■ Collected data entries
-------------------------
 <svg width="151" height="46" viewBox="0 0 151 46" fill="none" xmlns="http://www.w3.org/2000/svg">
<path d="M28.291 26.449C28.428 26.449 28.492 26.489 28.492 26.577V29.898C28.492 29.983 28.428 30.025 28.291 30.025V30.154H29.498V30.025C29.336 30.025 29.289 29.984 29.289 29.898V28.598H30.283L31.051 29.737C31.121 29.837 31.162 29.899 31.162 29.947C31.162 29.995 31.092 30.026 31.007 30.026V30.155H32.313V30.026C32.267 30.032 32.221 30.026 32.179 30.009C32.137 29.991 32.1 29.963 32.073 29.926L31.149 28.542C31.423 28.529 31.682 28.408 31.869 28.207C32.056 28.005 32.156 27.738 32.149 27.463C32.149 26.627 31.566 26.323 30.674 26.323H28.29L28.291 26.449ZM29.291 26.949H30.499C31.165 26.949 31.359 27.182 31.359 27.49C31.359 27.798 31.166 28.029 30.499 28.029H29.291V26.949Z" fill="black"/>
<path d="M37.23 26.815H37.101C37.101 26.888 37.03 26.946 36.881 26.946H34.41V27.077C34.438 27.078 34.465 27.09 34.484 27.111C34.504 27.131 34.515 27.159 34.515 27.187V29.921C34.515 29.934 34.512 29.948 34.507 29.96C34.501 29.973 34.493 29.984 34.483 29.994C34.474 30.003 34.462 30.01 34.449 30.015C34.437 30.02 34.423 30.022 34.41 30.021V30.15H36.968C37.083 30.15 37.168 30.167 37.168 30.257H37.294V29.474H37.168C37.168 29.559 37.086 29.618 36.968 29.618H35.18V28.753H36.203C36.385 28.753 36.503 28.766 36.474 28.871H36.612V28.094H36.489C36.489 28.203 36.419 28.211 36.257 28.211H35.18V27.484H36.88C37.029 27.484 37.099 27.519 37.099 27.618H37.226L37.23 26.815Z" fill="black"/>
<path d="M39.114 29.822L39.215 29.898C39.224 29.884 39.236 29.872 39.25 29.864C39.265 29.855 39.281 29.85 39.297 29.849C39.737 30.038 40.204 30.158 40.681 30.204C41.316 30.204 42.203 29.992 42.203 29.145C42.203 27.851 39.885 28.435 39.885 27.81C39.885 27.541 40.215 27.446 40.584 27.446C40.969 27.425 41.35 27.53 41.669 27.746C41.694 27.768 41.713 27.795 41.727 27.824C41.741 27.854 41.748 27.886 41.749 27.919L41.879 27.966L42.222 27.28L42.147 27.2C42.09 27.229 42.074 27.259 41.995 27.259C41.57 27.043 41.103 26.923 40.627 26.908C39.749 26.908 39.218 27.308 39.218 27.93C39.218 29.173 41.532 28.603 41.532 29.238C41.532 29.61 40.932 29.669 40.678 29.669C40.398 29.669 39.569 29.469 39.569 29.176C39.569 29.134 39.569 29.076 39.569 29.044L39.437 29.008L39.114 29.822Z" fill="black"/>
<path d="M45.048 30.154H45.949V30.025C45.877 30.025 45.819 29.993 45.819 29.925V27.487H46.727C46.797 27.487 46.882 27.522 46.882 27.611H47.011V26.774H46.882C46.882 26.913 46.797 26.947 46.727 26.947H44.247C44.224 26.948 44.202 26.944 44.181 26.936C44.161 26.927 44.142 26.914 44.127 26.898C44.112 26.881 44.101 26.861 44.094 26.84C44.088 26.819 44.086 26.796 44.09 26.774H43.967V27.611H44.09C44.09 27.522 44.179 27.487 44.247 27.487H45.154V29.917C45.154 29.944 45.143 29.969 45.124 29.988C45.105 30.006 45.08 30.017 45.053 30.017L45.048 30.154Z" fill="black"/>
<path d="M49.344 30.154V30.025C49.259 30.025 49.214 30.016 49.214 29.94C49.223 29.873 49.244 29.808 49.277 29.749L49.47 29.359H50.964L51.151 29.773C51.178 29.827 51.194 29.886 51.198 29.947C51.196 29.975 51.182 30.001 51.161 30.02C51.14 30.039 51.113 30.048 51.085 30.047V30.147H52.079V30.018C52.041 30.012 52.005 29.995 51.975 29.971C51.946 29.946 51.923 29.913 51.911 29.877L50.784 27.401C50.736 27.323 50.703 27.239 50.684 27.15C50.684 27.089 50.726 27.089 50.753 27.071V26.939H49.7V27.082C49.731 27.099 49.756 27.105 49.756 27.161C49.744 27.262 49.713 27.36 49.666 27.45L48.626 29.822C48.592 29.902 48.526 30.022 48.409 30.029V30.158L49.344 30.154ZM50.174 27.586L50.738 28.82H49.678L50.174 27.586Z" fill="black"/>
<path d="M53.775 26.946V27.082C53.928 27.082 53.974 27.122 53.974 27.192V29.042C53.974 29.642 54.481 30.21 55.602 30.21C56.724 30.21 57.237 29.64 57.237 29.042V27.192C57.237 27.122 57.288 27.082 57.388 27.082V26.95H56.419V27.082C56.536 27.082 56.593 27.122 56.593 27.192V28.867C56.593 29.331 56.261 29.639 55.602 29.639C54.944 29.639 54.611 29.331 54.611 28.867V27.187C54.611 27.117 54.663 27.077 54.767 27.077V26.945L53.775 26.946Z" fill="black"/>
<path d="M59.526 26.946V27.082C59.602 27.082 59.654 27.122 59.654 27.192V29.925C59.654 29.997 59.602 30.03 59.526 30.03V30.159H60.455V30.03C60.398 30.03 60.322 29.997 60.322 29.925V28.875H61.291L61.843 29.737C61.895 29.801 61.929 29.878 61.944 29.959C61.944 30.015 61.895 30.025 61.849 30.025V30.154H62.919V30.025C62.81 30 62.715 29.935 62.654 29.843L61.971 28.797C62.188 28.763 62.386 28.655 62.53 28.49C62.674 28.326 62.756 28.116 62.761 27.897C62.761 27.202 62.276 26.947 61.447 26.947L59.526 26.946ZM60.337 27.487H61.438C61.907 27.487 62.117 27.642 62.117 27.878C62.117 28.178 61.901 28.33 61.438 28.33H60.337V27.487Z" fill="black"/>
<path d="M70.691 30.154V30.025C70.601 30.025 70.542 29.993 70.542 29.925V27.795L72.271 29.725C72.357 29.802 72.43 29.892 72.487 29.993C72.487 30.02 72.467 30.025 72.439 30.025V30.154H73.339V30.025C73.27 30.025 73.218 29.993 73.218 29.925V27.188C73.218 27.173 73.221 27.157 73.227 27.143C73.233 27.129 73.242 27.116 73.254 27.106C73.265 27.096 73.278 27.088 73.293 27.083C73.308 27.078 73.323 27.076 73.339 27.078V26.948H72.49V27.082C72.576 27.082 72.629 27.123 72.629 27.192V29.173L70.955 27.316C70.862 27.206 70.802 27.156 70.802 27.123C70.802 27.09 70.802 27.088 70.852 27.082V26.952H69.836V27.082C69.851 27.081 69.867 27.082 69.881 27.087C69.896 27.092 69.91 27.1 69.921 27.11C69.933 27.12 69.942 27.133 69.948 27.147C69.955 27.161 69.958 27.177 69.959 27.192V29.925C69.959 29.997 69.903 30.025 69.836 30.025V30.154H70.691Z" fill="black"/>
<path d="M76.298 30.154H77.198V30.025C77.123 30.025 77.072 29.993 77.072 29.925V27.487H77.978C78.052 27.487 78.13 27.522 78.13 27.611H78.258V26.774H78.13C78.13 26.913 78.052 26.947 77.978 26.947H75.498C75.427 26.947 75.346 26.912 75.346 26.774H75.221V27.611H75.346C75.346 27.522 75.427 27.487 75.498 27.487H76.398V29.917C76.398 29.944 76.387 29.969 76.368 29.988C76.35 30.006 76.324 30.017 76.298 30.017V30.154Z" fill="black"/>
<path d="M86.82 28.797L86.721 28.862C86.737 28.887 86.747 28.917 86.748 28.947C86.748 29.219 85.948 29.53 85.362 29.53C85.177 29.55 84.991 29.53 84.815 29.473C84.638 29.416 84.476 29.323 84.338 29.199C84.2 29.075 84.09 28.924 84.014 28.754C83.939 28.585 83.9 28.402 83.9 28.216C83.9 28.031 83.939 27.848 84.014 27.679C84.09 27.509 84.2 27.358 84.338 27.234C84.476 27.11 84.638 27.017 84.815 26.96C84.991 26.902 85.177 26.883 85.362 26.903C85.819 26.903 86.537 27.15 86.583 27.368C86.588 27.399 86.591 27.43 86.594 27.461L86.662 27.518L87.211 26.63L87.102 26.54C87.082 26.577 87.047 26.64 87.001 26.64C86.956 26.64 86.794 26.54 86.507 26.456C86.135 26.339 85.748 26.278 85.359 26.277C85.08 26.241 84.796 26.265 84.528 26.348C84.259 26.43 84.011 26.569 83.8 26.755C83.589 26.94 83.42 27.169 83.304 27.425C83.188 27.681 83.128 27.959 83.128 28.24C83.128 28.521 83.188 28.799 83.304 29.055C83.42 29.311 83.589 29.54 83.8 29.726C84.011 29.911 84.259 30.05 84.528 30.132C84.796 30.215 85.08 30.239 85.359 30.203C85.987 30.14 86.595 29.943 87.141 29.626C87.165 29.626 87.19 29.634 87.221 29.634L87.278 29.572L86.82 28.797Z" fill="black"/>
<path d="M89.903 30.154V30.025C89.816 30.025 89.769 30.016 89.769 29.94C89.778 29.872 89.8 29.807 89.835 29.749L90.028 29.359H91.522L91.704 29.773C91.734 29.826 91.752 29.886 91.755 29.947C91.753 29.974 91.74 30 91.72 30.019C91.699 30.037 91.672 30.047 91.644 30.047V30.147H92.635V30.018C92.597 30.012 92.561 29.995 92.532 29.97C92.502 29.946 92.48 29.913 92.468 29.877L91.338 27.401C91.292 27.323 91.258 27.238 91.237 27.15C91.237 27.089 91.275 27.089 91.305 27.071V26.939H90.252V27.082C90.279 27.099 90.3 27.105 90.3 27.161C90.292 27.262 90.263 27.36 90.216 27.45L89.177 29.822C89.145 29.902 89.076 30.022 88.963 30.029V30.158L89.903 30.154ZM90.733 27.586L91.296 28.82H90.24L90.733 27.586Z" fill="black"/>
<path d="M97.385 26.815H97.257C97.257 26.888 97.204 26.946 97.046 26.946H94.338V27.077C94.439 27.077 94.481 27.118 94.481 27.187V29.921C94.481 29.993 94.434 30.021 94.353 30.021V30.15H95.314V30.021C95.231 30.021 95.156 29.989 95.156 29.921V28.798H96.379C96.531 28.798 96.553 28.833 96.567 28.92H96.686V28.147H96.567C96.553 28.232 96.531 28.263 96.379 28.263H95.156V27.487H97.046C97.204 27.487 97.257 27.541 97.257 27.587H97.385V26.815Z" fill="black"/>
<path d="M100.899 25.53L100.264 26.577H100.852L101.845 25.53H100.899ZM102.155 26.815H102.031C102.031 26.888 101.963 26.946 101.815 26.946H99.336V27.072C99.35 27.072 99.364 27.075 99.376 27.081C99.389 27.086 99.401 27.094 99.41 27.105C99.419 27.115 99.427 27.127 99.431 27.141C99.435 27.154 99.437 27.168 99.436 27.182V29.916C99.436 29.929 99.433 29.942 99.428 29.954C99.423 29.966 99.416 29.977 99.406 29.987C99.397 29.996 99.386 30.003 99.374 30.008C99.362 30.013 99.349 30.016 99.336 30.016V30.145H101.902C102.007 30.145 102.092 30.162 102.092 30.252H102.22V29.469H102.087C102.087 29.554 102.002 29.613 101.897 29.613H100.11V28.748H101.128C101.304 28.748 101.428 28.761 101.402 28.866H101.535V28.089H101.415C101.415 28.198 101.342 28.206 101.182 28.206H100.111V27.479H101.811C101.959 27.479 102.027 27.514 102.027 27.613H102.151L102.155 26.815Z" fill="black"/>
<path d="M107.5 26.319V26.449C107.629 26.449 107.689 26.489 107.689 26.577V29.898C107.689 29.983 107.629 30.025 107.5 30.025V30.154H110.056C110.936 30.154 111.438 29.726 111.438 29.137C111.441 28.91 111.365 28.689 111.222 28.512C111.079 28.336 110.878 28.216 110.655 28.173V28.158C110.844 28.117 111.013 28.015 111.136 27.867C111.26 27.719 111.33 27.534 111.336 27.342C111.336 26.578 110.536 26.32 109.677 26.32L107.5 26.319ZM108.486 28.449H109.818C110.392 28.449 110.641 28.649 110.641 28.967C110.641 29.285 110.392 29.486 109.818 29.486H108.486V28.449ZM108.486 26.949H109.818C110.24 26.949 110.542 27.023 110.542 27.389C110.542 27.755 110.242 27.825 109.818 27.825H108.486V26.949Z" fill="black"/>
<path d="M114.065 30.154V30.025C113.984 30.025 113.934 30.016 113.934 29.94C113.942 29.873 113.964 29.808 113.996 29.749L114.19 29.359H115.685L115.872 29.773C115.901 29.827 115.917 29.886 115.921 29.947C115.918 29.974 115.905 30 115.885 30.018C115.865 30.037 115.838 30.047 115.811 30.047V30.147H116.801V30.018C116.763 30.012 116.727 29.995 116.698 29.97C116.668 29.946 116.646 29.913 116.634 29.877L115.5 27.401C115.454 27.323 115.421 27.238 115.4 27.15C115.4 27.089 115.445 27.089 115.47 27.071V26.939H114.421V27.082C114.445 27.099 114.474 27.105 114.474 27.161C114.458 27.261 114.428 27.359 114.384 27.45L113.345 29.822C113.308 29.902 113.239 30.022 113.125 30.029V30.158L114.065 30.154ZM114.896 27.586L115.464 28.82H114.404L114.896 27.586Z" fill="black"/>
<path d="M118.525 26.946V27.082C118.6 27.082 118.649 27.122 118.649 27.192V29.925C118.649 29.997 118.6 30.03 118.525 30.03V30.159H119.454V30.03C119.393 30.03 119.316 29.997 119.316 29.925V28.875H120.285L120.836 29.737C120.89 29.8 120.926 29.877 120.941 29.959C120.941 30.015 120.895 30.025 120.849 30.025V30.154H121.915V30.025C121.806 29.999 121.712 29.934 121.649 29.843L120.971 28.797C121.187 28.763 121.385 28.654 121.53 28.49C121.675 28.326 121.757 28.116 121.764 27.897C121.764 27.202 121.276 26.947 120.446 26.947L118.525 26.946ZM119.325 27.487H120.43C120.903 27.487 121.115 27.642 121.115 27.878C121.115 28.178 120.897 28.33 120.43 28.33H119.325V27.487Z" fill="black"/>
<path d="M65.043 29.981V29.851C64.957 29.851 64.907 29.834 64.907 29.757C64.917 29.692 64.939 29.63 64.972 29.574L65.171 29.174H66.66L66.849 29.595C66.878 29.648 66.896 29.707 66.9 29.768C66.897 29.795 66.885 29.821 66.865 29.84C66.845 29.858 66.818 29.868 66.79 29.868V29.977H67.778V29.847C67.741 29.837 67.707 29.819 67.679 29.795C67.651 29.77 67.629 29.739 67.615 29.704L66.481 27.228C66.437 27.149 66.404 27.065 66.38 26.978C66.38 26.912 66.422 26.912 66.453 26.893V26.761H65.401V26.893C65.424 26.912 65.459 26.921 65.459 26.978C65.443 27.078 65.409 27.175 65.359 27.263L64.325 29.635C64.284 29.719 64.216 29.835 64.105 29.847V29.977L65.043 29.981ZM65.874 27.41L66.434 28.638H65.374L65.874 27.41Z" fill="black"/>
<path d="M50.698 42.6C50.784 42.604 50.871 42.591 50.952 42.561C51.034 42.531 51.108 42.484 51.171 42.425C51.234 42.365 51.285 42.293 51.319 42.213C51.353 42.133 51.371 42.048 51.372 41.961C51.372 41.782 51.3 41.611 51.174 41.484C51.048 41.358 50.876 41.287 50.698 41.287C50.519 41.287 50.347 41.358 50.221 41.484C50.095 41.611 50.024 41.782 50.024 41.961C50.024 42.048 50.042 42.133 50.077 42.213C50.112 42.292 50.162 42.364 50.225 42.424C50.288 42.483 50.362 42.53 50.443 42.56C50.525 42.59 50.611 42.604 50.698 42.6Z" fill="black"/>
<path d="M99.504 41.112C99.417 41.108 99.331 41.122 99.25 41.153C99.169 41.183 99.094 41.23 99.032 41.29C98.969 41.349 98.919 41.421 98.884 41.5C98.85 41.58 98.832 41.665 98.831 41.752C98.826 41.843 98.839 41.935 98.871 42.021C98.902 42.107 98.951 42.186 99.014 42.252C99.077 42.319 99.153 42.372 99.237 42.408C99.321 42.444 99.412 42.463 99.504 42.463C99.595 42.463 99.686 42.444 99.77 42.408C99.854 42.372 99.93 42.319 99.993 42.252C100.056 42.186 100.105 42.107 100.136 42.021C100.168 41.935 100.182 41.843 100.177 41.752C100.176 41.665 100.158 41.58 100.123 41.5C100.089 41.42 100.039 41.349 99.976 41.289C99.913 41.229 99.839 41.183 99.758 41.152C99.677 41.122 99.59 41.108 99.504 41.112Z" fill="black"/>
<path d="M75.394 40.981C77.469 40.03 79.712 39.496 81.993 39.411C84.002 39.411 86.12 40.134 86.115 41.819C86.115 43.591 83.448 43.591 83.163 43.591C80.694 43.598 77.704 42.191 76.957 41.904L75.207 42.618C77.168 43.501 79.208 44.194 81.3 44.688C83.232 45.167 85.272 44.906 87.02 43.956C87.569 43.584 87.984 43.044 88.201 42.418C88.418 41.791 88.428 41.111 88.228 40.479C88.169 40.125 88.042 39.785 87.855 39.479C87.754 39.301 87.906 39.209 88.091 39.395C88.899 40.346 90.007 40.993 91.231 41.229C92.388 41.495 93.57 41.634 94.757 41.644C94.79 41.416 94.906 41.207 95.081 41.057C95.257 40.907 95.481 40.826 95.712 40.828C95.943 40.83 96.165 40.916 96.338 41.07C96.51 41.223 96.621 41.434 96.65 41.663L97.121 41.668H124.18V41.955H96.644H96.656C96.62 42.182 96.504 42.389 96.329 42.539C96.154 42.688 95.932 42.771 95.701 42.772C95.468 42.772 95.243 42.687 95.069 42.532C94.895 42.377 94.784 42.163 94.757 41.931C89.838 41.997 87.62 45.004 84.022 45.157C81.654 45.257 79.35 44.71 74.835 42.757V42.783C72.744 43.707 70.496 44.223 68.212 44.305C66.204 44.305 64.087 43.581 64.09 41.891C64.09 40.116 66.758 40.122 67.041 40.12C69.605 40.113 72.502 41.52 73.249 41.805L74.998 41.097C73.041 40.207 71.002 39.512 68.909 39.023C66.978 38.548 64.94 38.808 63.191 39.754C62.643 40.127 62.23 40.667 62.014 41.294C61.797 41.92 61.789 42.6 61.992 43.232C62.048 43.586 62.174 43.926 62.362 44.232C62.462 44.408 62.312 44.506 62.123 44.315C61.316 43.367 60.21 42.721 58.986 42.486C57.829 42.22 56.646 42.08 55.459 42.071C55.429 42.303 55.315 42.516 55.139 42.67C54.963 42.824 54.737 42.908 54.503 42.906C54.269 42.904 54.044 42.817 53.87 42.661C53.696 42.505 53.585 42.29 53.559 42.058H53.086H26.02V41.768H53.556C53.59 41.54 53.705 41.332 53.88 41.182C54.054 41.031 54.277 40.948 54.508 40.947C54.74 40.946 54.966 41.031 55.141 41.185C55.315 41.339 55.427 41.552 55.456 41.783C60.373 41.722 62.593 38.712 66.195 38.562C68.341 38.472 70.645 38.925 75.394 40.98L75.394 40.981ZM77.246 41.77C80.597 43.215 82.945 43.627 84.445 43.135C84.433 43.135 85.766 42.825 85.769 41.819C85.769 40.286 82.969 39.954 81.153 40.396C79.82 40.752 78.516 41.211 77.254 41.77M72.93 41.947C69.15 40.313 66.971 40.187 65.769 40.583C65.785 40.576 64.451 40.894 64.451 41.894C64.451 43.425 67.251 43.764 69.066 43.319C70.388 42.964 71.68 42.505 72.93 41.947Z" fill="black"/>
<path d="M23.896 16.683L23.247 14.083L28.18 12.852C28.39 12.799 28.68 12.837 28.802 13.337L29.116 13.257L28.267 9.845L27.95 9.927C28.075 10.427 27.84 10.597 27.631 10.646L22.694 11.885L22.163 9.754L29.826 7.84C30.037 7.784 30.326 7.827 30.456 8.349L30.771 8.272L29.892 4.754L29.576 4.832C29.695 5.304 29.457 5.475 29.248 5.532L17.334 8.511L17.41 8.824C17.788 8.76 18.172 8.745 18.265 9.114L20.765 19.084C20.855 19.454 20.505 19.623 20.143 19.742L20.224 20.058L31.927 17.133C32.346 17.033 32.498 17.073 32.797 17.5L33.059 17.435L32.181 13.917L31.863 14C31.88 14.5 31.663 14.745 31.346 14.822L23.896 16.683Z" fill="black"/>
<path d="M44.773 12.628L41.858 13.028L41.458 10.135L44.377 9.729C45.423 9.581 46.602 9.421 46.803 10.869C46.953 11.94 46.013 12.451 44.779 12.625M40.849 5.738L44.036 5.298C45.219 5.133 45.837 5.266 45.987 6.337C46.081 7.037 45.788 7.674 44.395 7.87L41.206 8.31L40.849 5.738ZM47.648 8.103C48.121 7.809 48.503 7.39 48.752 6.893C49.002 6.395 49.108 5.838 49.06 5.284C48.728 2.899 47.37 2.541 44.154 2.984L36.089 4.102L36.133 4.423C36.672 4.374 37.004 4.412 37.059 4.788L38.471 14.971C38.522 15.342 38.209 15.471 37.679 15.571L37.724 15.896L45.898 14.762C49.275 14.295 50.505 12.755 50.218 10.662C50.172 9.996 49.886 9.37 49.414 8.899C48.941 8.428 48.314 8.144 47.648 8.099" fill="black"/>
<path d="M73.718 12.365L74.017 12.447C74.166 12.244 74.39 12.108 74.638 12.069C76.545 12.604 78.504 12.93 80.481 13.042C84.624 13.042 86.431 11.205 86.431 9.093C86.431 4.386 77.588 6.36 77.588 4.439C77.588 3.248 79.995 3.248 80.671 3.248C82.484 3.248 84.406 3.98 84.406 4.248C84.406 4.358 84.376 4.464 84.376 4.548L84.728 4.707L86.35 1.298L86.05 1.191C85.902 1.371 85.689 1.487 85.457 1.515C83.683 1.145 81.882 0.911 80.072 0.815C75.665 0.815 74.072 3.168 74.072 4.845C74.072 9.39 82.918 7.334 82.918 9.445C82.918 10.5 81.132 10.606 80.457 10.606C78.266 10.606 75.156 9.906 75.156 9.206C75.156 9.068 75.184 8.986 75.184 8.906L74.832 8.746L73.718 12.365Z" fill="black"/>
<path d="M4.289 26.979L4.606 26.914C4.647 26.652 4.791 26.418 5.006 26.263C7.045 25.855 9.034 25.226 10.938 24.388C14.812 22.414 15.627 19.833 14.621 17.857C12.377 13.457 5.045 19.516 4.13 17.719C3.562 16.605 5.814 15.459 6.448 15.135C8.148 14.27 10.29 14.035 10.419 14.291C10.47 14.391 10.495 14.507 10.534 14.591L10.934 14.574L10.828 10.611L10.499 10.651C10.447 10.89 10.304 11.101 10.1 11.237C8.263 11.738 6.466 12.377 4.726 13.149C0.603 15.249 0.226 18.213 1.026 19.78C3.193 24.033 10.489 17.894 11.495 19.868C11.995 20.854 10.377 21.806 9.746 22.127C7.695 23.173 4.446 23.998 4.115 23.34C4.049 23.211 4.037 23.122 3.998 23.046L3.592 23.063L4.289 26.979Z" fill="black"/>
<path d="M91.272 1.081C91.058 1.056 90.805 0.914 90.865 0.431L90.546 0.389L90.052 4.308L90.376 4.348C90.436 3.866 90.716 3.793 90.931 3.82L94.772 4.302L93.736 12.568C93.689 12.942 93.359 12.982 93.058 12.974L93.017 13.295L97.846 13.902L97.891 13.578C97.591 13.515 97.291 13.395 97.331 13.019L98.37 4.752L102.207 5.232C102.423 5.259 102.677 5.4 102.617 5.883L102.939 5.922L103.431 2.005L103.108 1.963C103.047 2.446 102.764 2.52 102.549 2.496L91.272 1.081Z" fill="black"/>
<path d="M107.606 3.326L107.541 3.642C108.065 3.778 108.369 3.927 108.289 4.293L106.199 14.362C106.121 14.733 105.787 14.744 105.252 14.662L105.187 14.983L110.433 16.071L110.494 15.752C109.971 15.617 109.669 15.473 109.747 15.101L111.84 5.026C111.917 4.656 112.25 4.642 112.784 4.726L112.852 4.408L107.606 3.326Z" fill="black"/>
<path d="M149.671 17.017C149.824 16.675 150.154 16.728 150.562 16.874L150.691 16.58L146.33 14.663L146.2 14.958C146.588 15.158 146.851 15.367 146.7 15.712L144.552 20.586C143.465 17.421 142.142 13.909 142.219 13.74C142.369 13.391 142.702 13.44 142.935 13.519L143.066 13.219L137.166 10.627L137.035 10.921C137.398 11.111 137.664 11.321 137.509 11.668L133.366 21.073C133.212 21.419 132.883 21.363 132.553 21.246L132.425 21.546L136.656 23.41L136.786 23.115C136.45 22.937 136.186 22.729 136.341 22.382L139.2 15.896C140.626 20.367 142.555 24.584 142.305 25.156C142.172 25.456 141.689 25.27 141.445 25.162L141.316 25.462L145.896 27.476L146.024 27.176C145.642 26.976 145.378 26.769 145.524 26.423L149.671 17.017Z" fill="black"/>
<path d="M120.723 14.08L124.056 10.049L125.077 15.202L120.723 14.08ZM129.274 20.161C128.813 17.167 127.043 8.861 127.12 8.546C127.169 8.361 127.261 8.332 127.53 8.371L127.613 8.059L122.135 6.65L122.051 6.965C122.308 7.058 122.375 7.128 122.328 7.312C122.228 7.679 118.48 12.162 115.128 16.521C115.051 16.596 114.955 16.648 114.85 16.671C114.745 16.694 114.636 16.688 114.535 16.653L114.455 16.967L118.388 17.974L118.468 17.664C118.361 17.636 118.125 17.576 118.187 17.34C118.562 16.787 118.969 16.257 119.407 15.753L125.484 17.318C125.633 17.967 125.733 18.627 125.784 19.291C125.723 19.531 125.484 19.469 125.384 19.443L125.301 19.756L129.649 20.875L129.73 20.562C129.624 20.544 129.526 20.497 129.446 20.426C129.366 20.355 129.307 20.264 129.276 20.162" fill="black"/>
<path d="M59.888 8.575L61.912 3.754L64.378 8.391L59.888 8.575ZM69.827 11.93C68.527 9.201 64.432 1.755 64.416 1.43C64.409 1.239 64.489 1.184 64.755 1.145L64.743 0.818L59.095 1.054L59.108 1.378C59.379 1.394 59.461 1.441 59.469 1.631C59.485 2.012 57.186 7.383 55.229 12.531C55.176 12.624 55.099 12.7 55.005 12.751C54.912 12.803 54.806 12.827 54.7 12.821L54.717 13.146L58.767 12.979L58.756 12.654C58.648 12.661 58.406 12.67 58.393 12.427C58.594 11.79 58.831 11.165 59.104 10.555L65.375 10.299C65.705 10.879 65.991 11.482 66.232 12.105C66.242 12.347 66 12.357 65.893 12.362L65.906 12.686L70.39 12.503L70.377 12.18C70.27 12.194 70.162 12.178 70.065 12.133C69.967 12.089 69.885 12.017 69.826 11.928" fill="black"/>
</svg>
-------------------------
■ Work instructions
Exactly as written, please transcribe the lines from the start of the records above to the line that holds "26.815H37.101C37.101 26.888 37.03", both ends included.

■ Solution to the problem
 <svg width="151" height="46" viewBox="0 0 151 46" fill="none" xmlns="http://www.w3.org/2000/svg">
<path d="M28.291 26.449C28.428 26.449 28.492 26.489 28.492 26.577V29.898C28.492 29.983 28.428 30.025 28.291 30.025V30.154H29.498V30.025C29.336 30.025 29.289 29.984 29.289 29.898V28.598H30.283L31.051 29.737C31.121 29.837 31.162 29.899 31.162 29.947C31.162 29.995 31.092 30.026 31.007 30.026V30.155H32.313V30.026C32.267 30.032 32.221 30.026 32.179 30.009C32.137 29.991 32.1 29.963 32.073 29.926L31.149 28.542C31.423 28.529 31.682 28.408 31.869 28.207C32.056 28.005 32.156 27.738 32.149 27.463C32.149 26.627 31.566 26.323 30.674 26.323H28.29L28.291 26.449ZM29.291 26.949H30.499C31.165 26.949 31.359 27.182 31.359 27.49C31.359 27.798 31.166 28.029 30.499 28.029H29.291V26.949Z" fill="black"/>
<path d="M37.23 26.815H37.101C37.101 26.888 37.03 26.946 36.881 26.946H34.41V27.077C34.438 27.078 34.465 27.09 34.484 27.111C34.504 27.131 34.515 27.159 34.515 27.187V29.921C34.515 29.934 34.512 29.948 34.507 29.96C34.501 29.973 34.493 29.984 34.483 29.994C34.474 30.003 34.462 30.01 34.449 30.015C34.437 30.02 34.423 30.022 34.41 30.021V30.15H36.968C37.083 30.15 37.168 30.167 37.168 30.257H37.294V29.474H37.168C37.168 29.559 37.086 29.618 36.968 29.618H35.18V28.753H36.203C36.385 28.753 36.503 28.766 36.474 28.871H36.612V28.094H36.489C36.489 28.203 36.419 28.211 36.257 28.211H35.18V27.484H36.88C37.029 27.484 37.099 27.519 37.099 27.618H37.226L37.23 26.815Z" fill="black"/>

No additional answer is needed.